Had she been upset? He had never given that aspect of the matter any thought. But no, she could not have been. Why would she be upset? She might not even have known about the plan. “Such a marriage would have been as cruel to her as it would have been to me,” he said. “I would have been constantly demanding of her what she could not give, and I could never be the kind of husband she expected. That grandpère does not understand this, that goes without saying. He cares only that she brought a rich dowry. When I refuse, he says things, we both say things that should not have been said. Since my parents were both dead by then, there was nothing to hold me. And so, I departed.”

“Goodness.” She looked at him with sympathy.

“That was five years ago,” he continued.

“Five years!” She sounded shocked now. “Five years without seeing your family?”

“To not see my family, this is no penance. They carry with them heavy chains, demands and obligations, nothing more.” He looked at her, so sad and solemn. Her family seemed to be a very different proposition. Could she even imagine what it was like to live with all that fear and seething resentment as they all trembled before his grandfather?

“Do you not grow homesick?”

He gave an insouciant shrug. Did he? Perhaps. But only a little. “Not for my grandfather's house, not for La Boulaye. But sometimes when the desert is so very hot and dry and everything is brown, I think about the days when I was a small child, when we lived at Varennes, in the house of my mother. Or even later, when she would take me back there on visits from time to time. I remember sitting on the riverbank, under the shade of an oak tree, holding a fishing rod while she sat and watched me. But then I think to myself of all the places I have not yet seen. Samarkand. Is that not a wondrous name? It conjures up mystery and adventure, an unknown world. I think I must see Samarkand. And follow the ancient Silk Road to China through the Gates of Jade. Another wondrous name, is it not?”

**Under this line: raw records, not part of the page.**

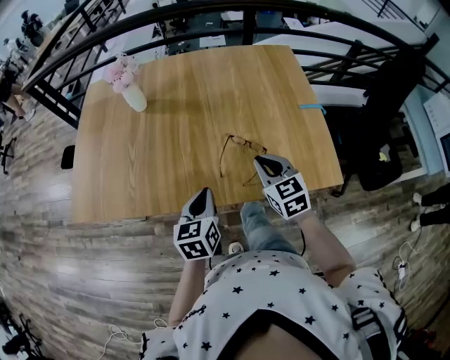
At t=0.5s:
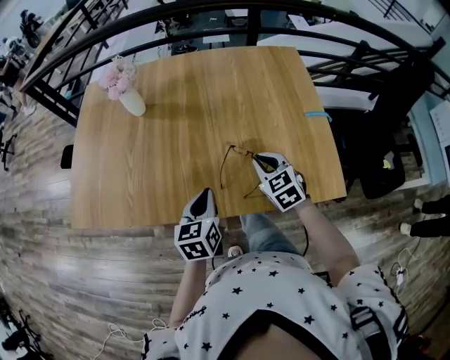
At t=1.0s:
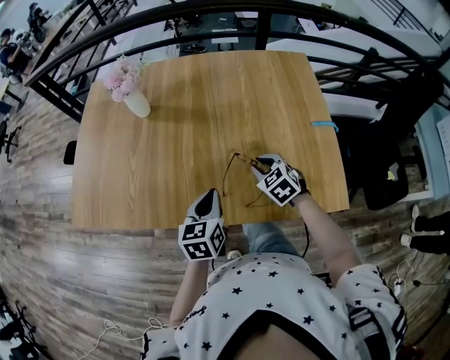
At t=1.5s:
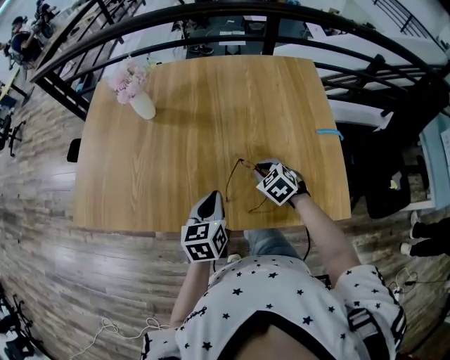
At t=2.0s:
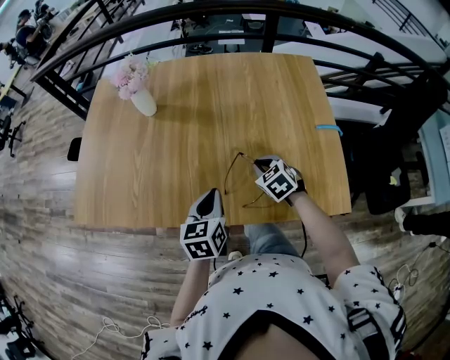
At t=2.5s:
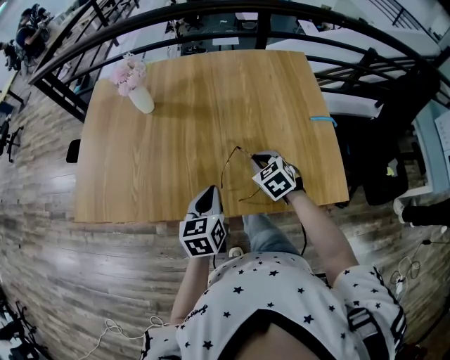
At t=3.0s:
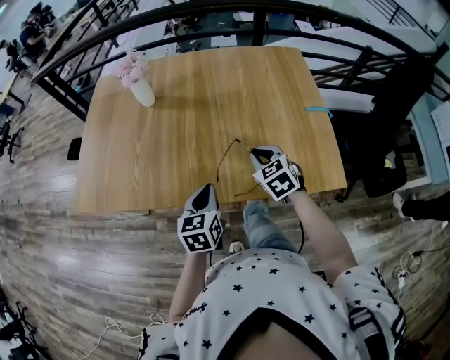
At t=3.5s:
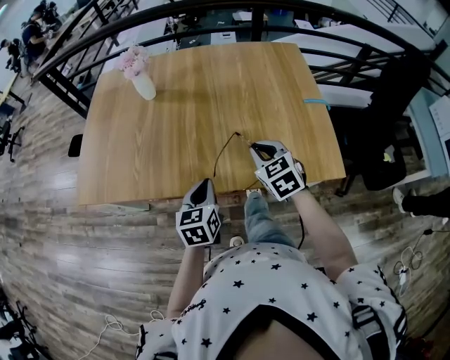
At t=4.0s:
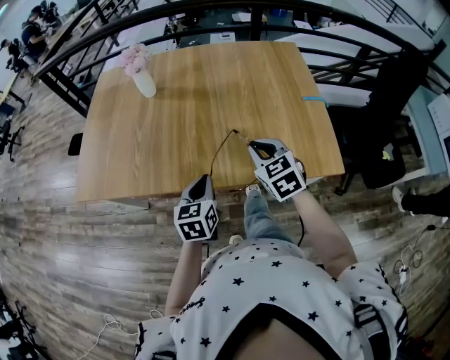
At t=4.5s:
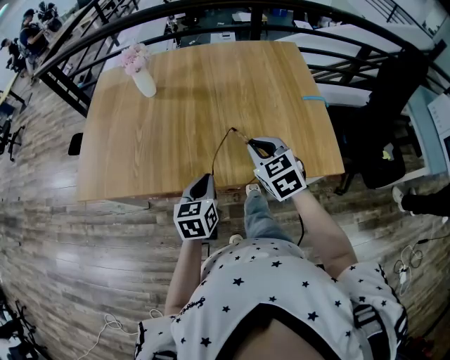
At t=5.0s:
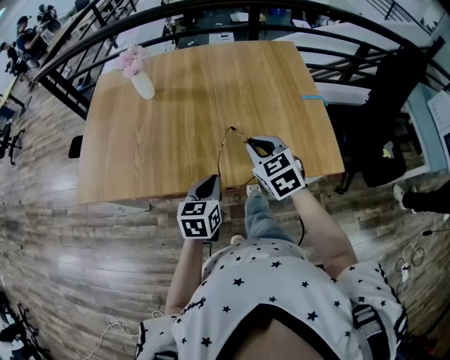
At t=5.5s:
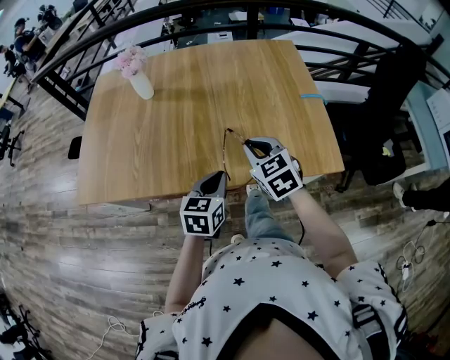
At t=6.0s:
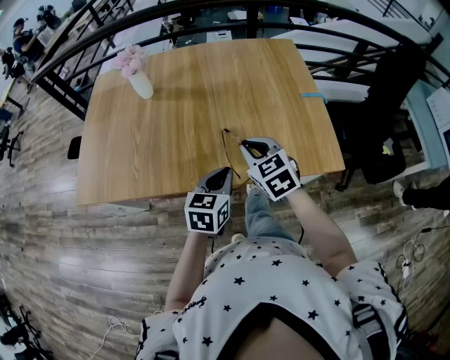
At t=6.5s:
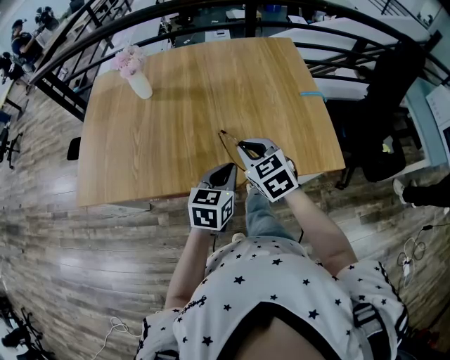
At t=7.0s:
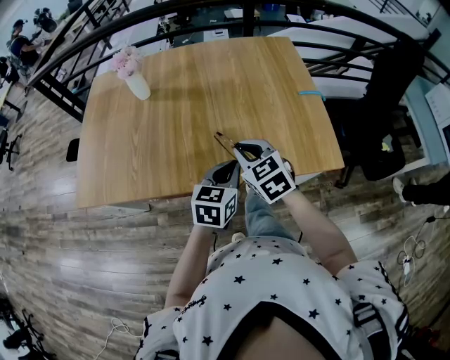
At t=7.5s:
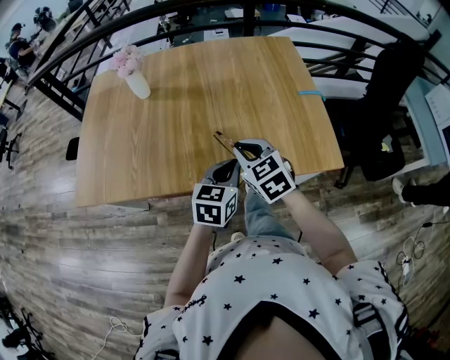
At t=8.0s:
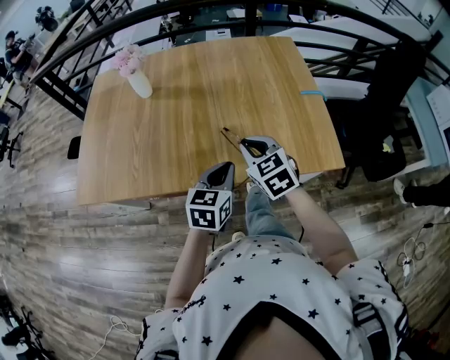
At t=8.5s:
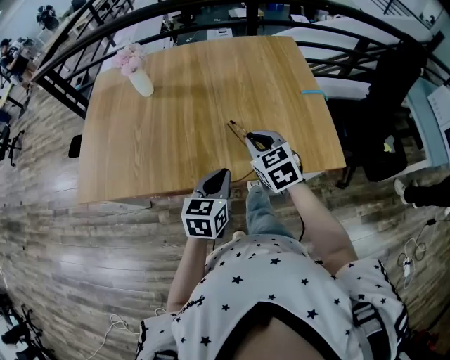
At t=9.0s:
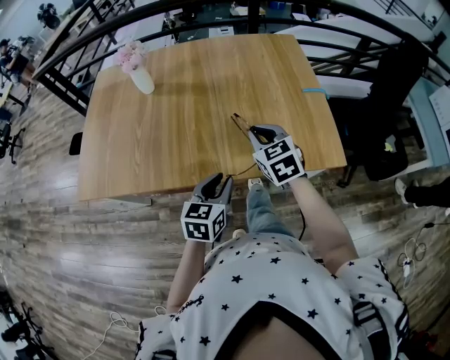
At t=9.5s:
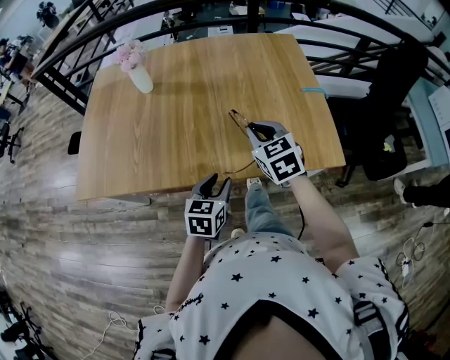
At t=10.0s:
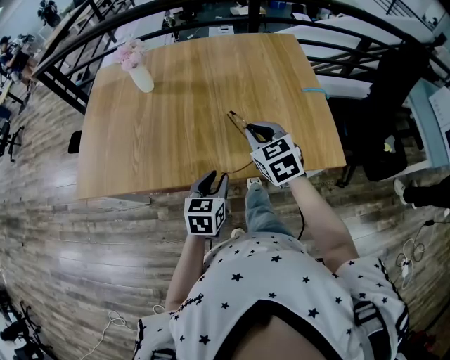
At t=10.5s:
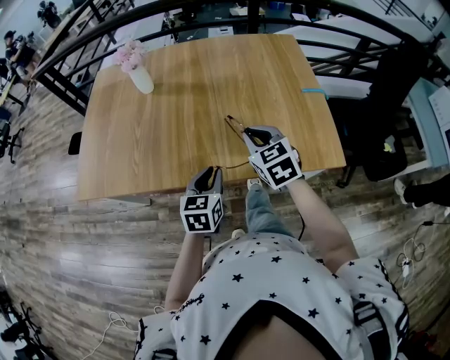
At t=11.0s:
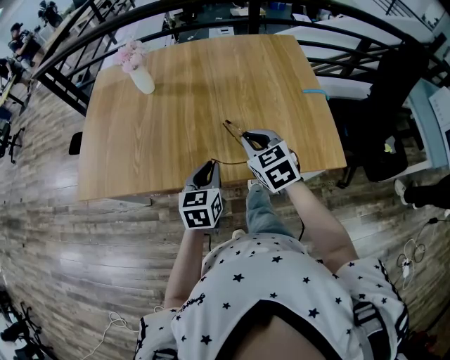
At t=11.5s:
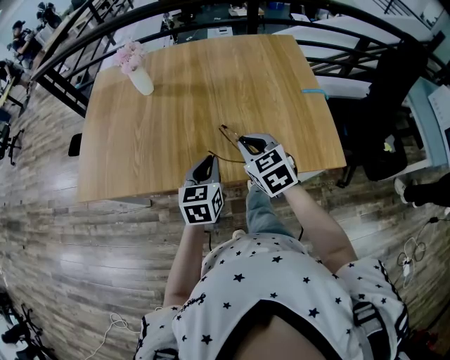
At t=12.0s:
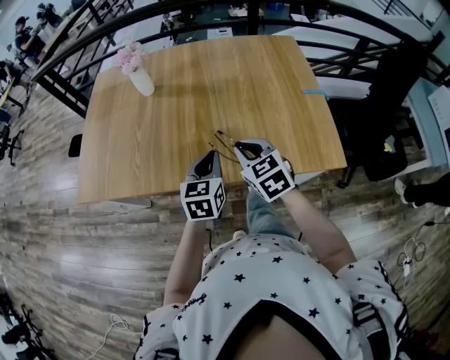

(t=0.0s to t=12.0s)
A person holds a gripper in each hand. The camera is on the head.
t=0.0s - t=2.0s: The right gripper moves downward and forward, approximately 15 cm, and rotates some 30 degrees; the left gripper travels forward by roughly 5 cm.
t=2.0s - t=4.0s: The right gripper heads upward and backward, covering approximately 15 cm; the left gripper is displaced backward by some 10 cm.
t=4.0s - t=6.0s: The left gripper heads to the right, covering some 5 cm.
t=6.0s - t=8.0s: The grippers make only small movements.
t=8.0s - t=10.0s: The left gripper travels downward by about 5 cm, and opens up.
t=10.0s - t=12.0s: The right gripper moves approximately 5 cm, while the left gripper goes about 5 cm forward, and closes.

He must not forget all the places he planned to see, all the wondrous, intriguing places in the world. That was what he wanted—to see for himself all those cities that were such fascinating names on the map.

It was dangerous, riding beside Emily, talking with her. More than dangerous. It was a distraction. She made him start to think about other things, the things he had given up, the places he had once known. He must not think about such things. They had been left behind when he made his decision years ago. Leaving them behind had not been a loss. He had chosen to free himself from their chains. He would not submit to the tyranny of his grandfather.